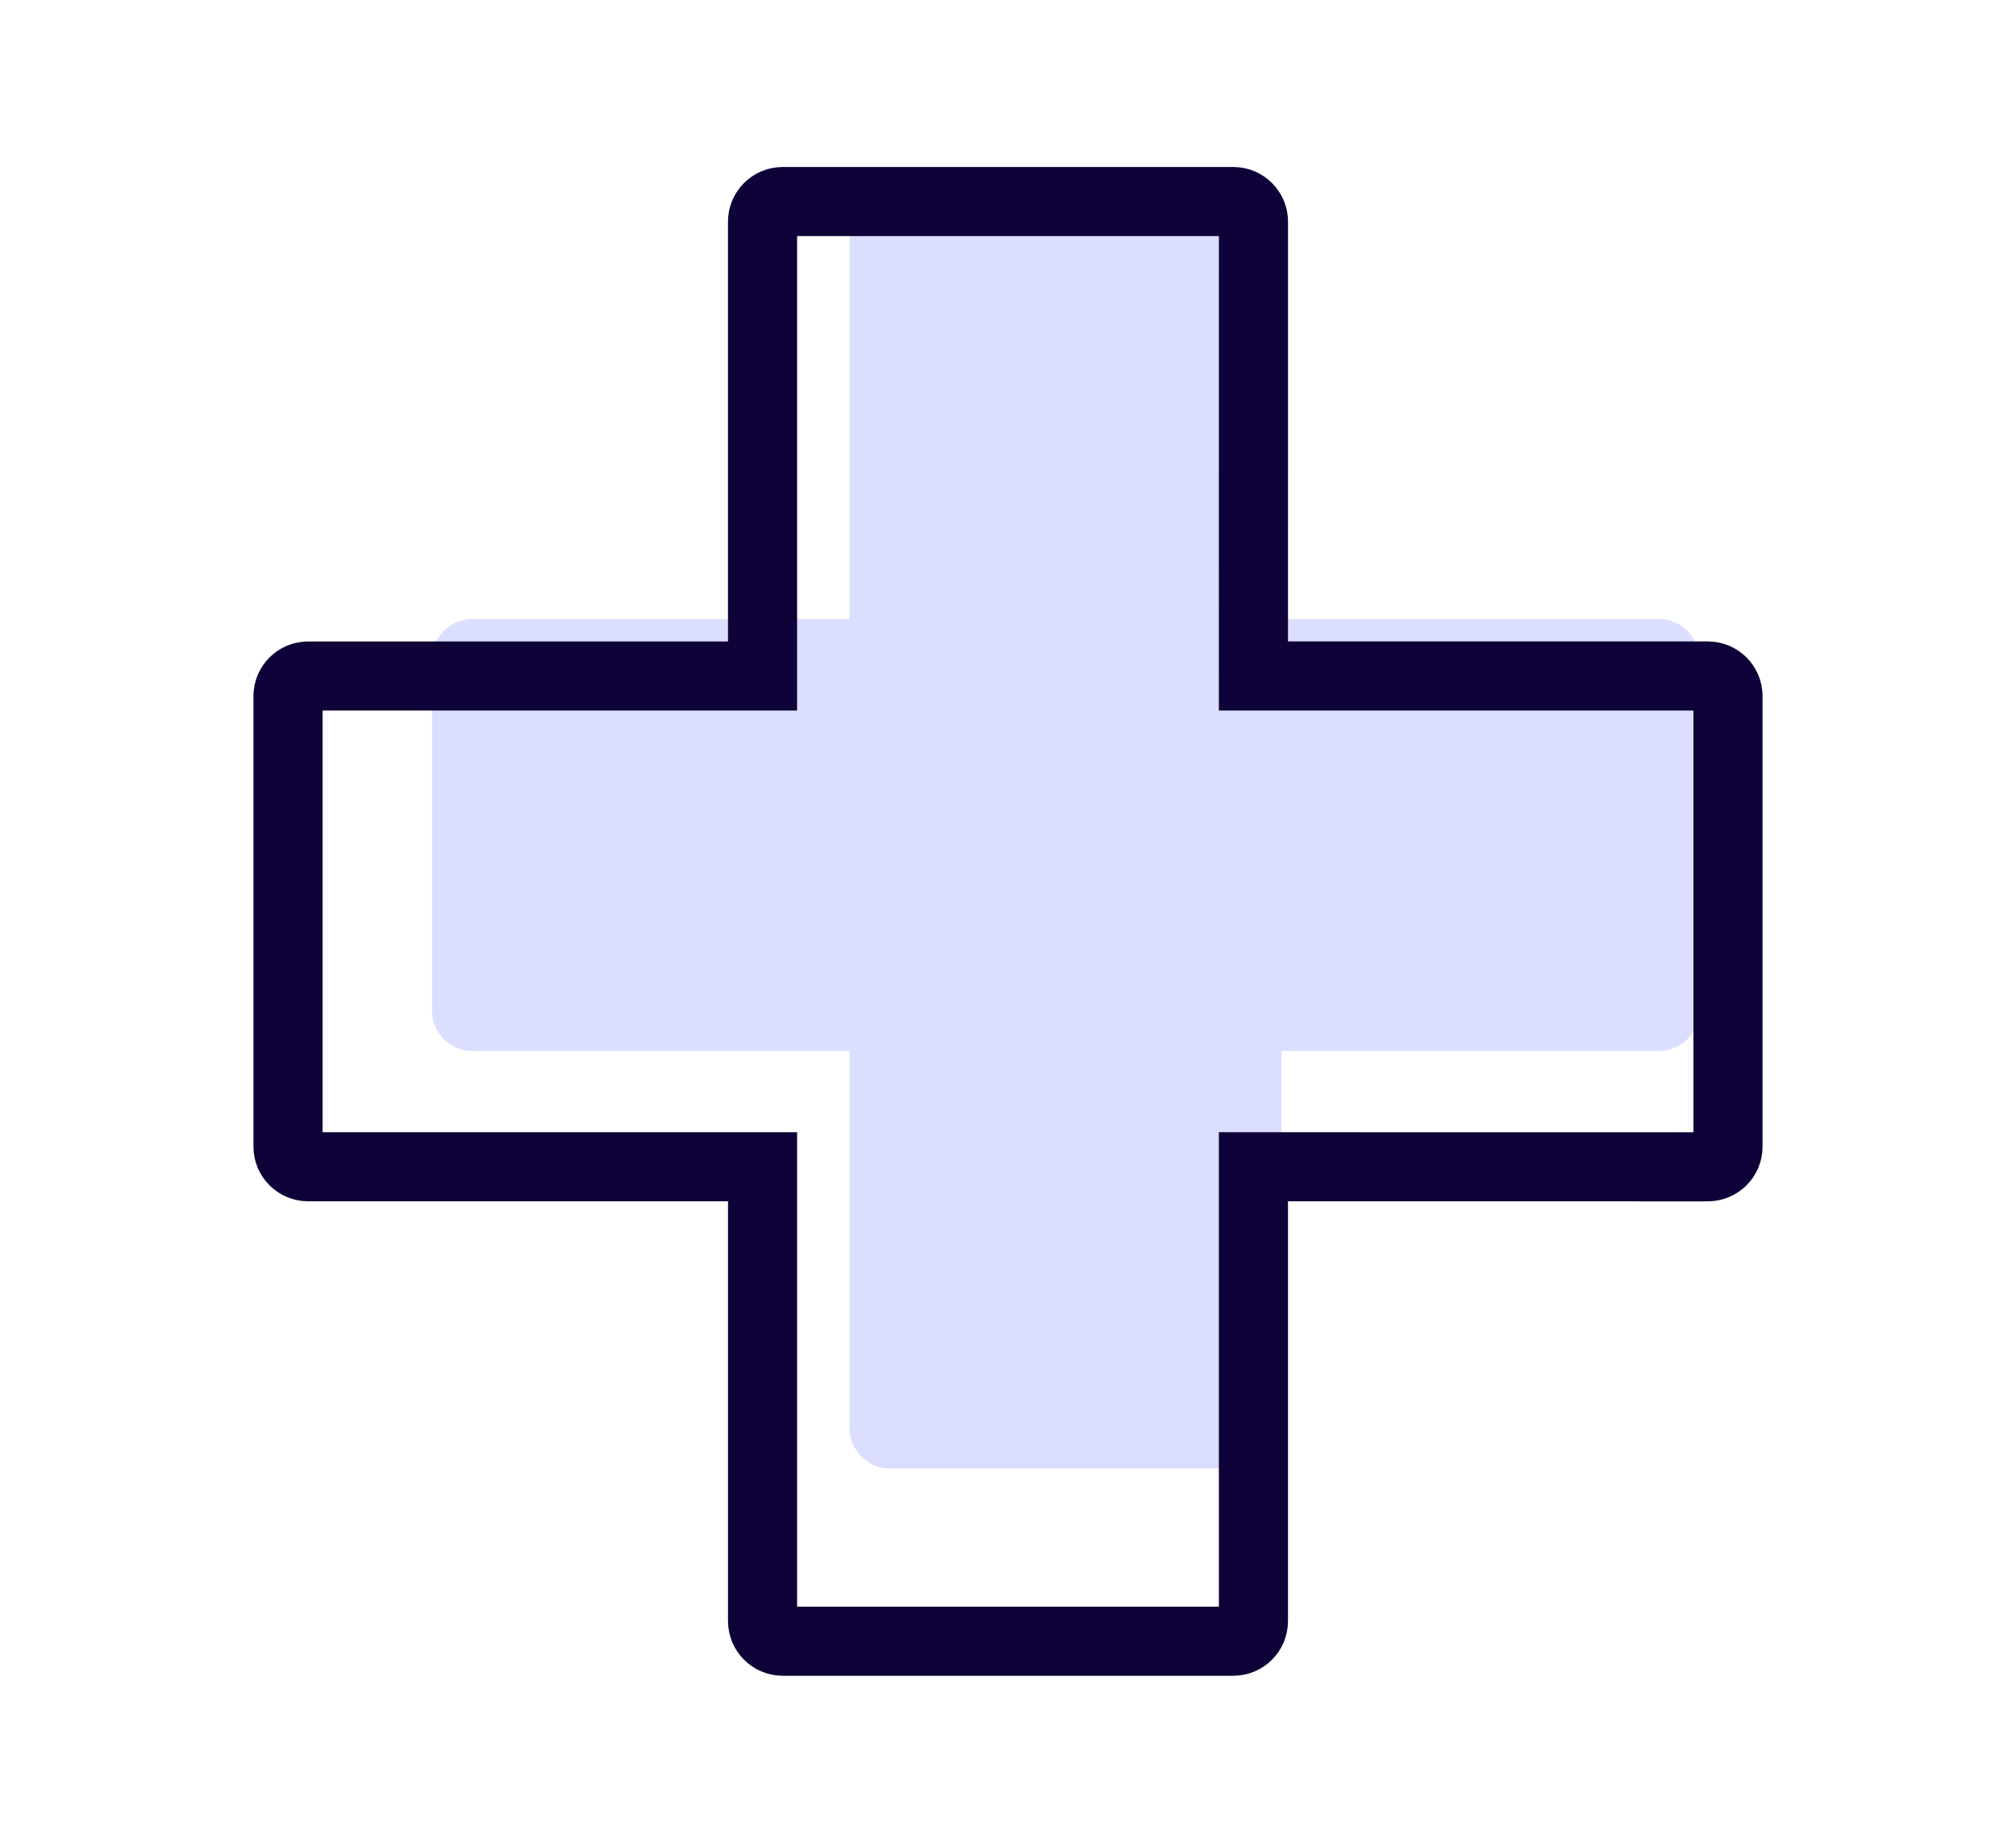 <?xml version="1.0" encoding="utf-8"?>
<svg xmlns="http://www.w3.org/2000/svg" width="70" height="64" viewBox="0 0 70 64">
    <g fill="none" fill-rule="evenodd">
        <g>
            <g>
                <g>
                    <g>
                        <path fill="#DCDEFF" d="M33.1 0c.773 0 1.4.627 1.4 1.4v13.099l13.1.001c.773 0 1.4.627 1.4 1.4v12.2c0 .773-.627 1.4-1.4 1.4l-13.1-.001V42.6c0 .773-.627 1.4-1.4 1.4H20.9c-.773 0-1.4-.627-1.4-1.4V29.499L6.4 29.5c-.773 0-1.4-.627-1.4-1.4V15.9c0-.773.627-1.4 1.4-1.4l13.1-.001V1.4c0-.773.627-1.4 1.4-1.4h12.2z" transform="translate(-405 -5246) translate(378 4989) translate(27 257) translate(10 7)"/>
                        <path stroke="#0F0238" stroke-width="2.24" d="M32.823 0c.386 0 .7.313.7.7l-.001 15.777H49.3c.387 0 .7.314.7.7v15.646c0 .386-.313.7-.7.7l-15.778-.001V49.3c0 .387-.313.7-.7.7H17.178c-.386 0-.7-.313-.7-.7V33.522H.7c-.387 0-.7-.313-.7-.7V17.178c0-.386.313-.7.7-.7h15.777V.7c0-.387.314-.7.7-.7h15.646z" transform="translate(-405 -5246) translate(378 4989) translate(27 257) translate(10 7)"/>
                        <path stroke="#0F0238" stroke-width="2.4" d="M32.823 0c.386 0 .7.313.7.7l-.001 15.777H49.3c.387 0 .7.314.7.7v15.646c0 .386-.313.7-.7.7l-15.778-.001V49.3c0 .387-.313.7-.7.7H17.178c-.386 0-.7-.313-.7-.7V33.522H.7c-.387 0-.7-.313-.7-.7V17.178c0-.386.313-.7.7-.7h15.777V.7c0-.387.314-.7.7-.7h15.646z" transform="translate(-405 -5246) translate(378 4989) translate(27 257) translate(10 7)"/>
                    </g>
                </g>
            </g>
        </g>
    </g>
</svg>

☆ ☆ ☆ ☆

Work order: The records must be restated word for word, apart from any images.

Written response:
 <?xml version="1.0" encoding="utf-8"?>
<svg xmlns="http://www.w3.org/2000/svg" width="70" height="64" viewBox="0 0 70 64">
    <g fill="none" fill-rule="evenodd">
        <g>
            <g>
                <g>
                    <g>
                        <path fill="#DCDEFF" d="M33.1 0c.773 0 1.4.627 1.4 1.4v13.099l13.1.001c.773 0 1.4.627 1.4 1.4v12.2c0 .773-.627 1.4-1.4 1.4l-13.1-.001V42.6c0 .773-.627 1.4-1.4 1.4H20.9c-.773 0-1.4-.627-1.4-1.4V29.499L6.4 29.5c-.773 0-1.4-.627-1.4-1.4V15.9c0-.773.627-1.4 1.4-1.4l13.1-.001V1.4c0-.773.627-1.4 1.4-1.4h12.2z" transform="translate(-405 -5246) translate(378 4989) translate(27 257) translate(10 7)"/>
                        <path stroke="#0F0238" stroke-width="2.24" d="M32.823 0c.386 0 .7.313.7.7l-.001 15.777H49.3c.387 0 .7.314.7.7v15.646c0 .386-.313.7-.7.7l-15.778-.001V49.3c0 .387-.313.7-.7.7H17.178c-.386 0-.7-.313-.7-.7V33.522H.7c-.387 0-.7-.313-.7-.7V17.178c0-.386.313-.7.7-.7h15.777V.7c0-.387.314-.7.7-.7h15.646z" transform="translate(-405 -5246) translate(378 4989) translate(27 257) translate(10 7)"/>
                        <path stroke="#0F0238" stroke-width="2.4" d="M32.823 0c.386 0 .7.313.7.7l-.001 15.777H49.3c.387 0 .7.314.7.7v15.646c0 .386-.313.7-.7.7l-15.778-.001V49.3c0 .387-.313.7-.7.7H17.178c-.386 0-.7-.313-.7-.7V33.522H.7c-.387 0-.7-.313-.7-.7V17.178c0-.386.313-.7.7-.7h15.777V.7c0-.387.314-.7.7-.7h15.646z" transform="translate(-405 -5246) translate(378 4989) translate(27 257) translate(10 7)"/>
                    </g>
                </g>
            </g>
        </g>
    </g>
</svg>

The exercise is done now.